** Opening Material for the task block **

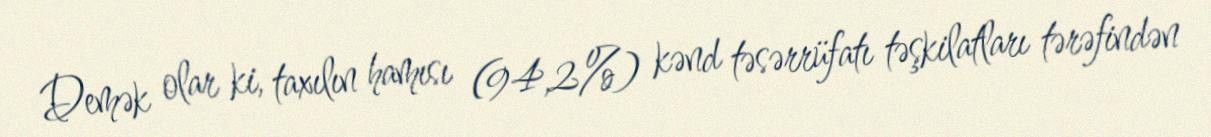
Demək olar ki, taxılın hamısı (94,2%) kənd təsərrüfatı təşkilatları tərəfindən
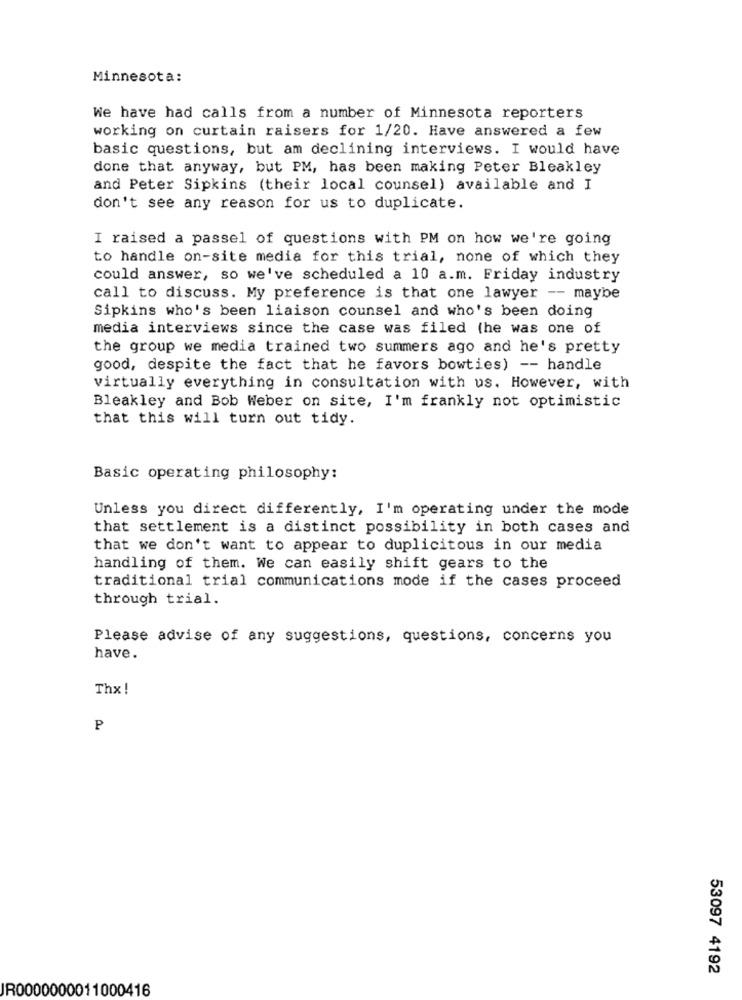
Minnesota:
We have had calls from a number of Minnesota reporters
working on curtain raisers for 1/20. Have answered a few
basic questions, but am declining interviews. I would have
done that anyway, but PM, has been making Peter Bleakley
and Peter Sipkins (their local counsel) available and I
don't see any reason for us to duplicate.
I raised a passel of questions with PM on how we're going
to handle on-site media for this trial, none of which they
could answer, so we've scheduled a 10 a.m. Friday industry
call to discuss. My preference is that one lawyer -- maybe
Sipkins who's been liaison counsel and who's been doing
media interviews since the case was filed (he was one of
the group we media trained two summers ago and he's pretty
good, despite the fact that he favors bowties) -- handle
virtually everything in consultation with us. However, with
Bleakley and Bob Weber on site, I'm frankly not optimistic
that this will turn out tidy.
Basic operating philosophy:
Unless you direct differently, I'm operating under the mode
that settlement is a distinct possibility in both cases and
that we don't want to appear to duplicitous in our media
handling of them. We can easily shift gears to the
traditional trial communications mode if the cases proceed
through trial.
Please advise of any suggestions, questions, concerns you
have.
Thx!
P
53097 4192
JR0000000011000416
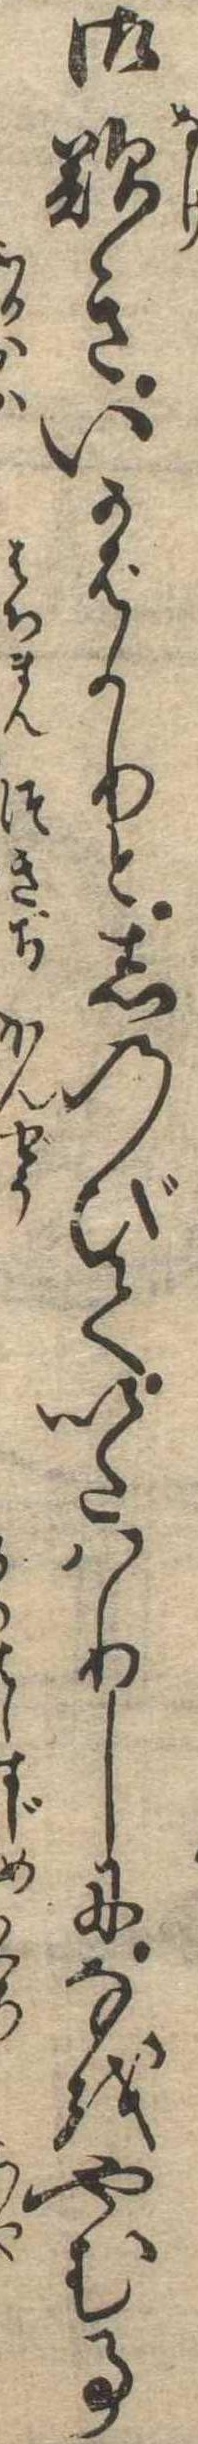
御歎きいかばかりとしのびていたはりしになをやむ事
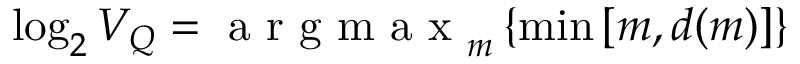
\displaystyle \log _ { 2 } V _ { Q } = \mathrm { ~ a ~ r ~ g ~ m ~ a ~ x ~ } _ { m } \left\{ \operatorname* { m i n } \left[ m , d ( m ) \right] \right\}
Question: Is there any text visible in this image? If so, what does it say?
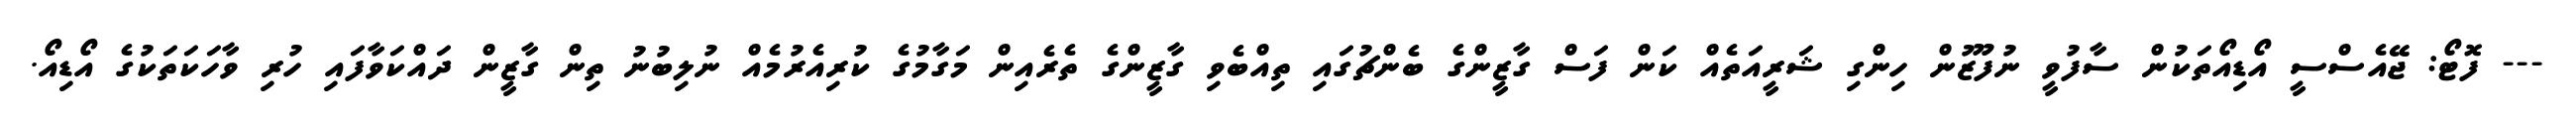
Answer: --- ފޮޓޯ: ޖޭއެސްސީ އޯޑިއޯތަކުން ސާފުވީ ނުފޫޒުން ހިންގި ޝަރީއަތެއް ކަން ފަސް ގާޒީންގެ ބެންޗުގައި ތިއްބެވި ގާޒީންގެ ތެރެއިން މަގާމުގެ ކުރިއެރުމެއް ނުލިބުނު ތިން ގާޒީން ދައްކަވާފައި ހުރި ވާހަކަތަކުގެ އޯޑިއޯ.
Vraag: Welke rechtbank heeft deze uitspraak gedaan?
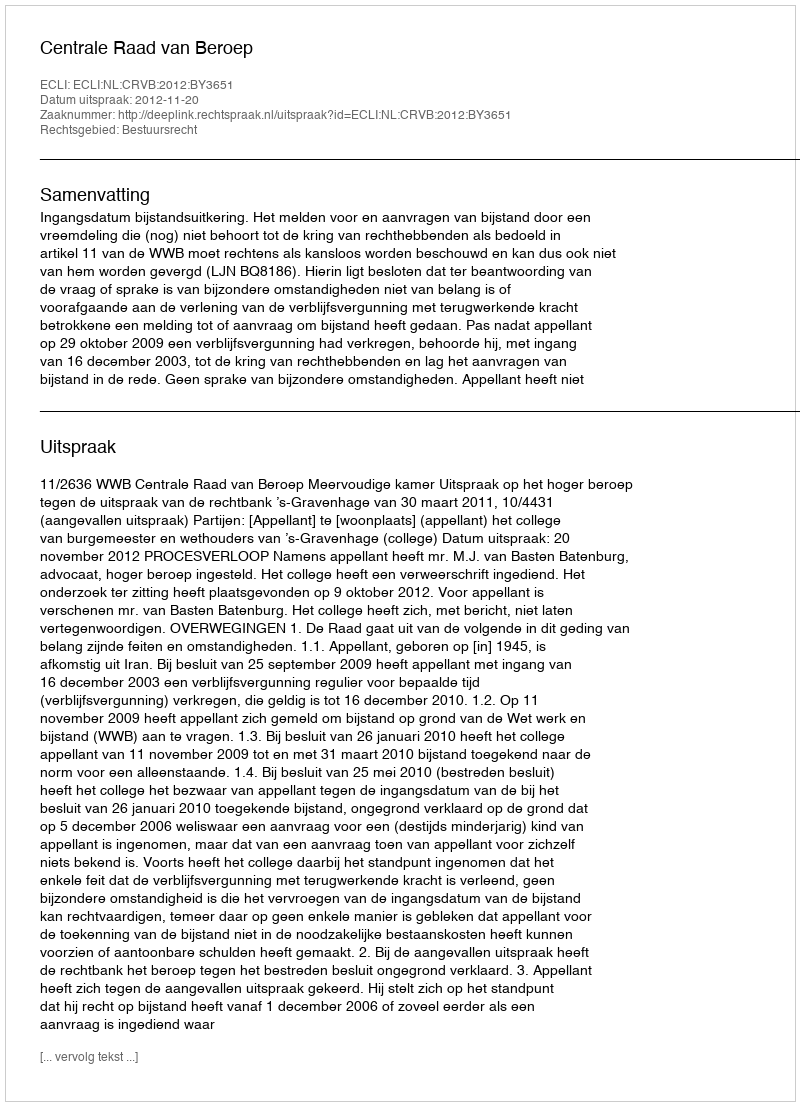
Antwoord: Centrale Raad van Beroep
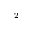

** Closing Material for the task block **

= What to do =
Could you restate every record above word for word, dropping the pictures?

= Problem solution =
Demək olar ki, taxılın hamısı (94,2%) kənd təsərrüfatı təşkilatları tərəfindən
Minnesota:
We have had calls from a number of Minnesota reporters
working on curtain raisers for 1/20. Have answered a few
basic questions, but am declining interviews. I would have
done that anyway, but PM, has been making Peter Bleakley
and Peter Sipkins (their local counsel) available and I
don't see any reason for us to duplicate.
I raised a passel of questions with PM on how we're going
to handle on-site media for this trial, none of which they
could answer, so we've scheduled a 10 a.m. Friday industry
call to discuss. My preference is that one lawyer -- maybe
Sipkins who's been liaison counsel and who's been doing
media interviews since the case was filed (he was one of
the group we media trained two summers ago and he's pretty
good, despite the fact that he favors bowties) -- handle
virtually everything in consultation with us. However, with
Bleakley and Bob Weber on site, I'm frankly not optimistic
that this will turn out tidy.
Basic operating philosophy:
Unless you direct differently, I'm operating under the mode
that settlement is a distinct possibility in both cases and
that we don't want to appear to duplicitous in our media
handling of them. We can easily shift gears to the
traditional trial communications mode if the cases proceed
through trial.
Please advise of any suggestions, questions, concerns you
have.
Thx!
P
53097 4192
JR0000000011000416
御歎きいかばかりとしのびていたはりしになをやむ事
\displaystyle \log _ { 2 } V _ { Q } = \mathrm { ~ a ~ r ~ g ~ m ~ a ~ x ~ } _ { m } \left\{ \operatorname* { m i n } \left[ m , d ( m ) \right] \right\}
Question: Is there any text visible in this image? If so, what does it say?
Answer: --- ފޮޓޯ: ޖޭއެސްސީ އޯޑިއޯތަކުން ސާފުވީ ނުފޫޒުން ހިންގި ޝަރީއަތެއް ކަން ފަސް ގާޒީންގެ ބެންޗުގައި ތިއްބެވި ގާޒީންގެ ތެރެއިން މަގާމުގެ ކުރިއެރުމެއް ނުލިބުނު ތިން ގާޒީން ދައްކަވާފައި ހުރި ވާހަކަތަކުގެ އޯޑިއޯ.
Vraag: Welke rechtbank heeft deze uitspraak gedaan?
Antwoord: Centrale Raad van Beroep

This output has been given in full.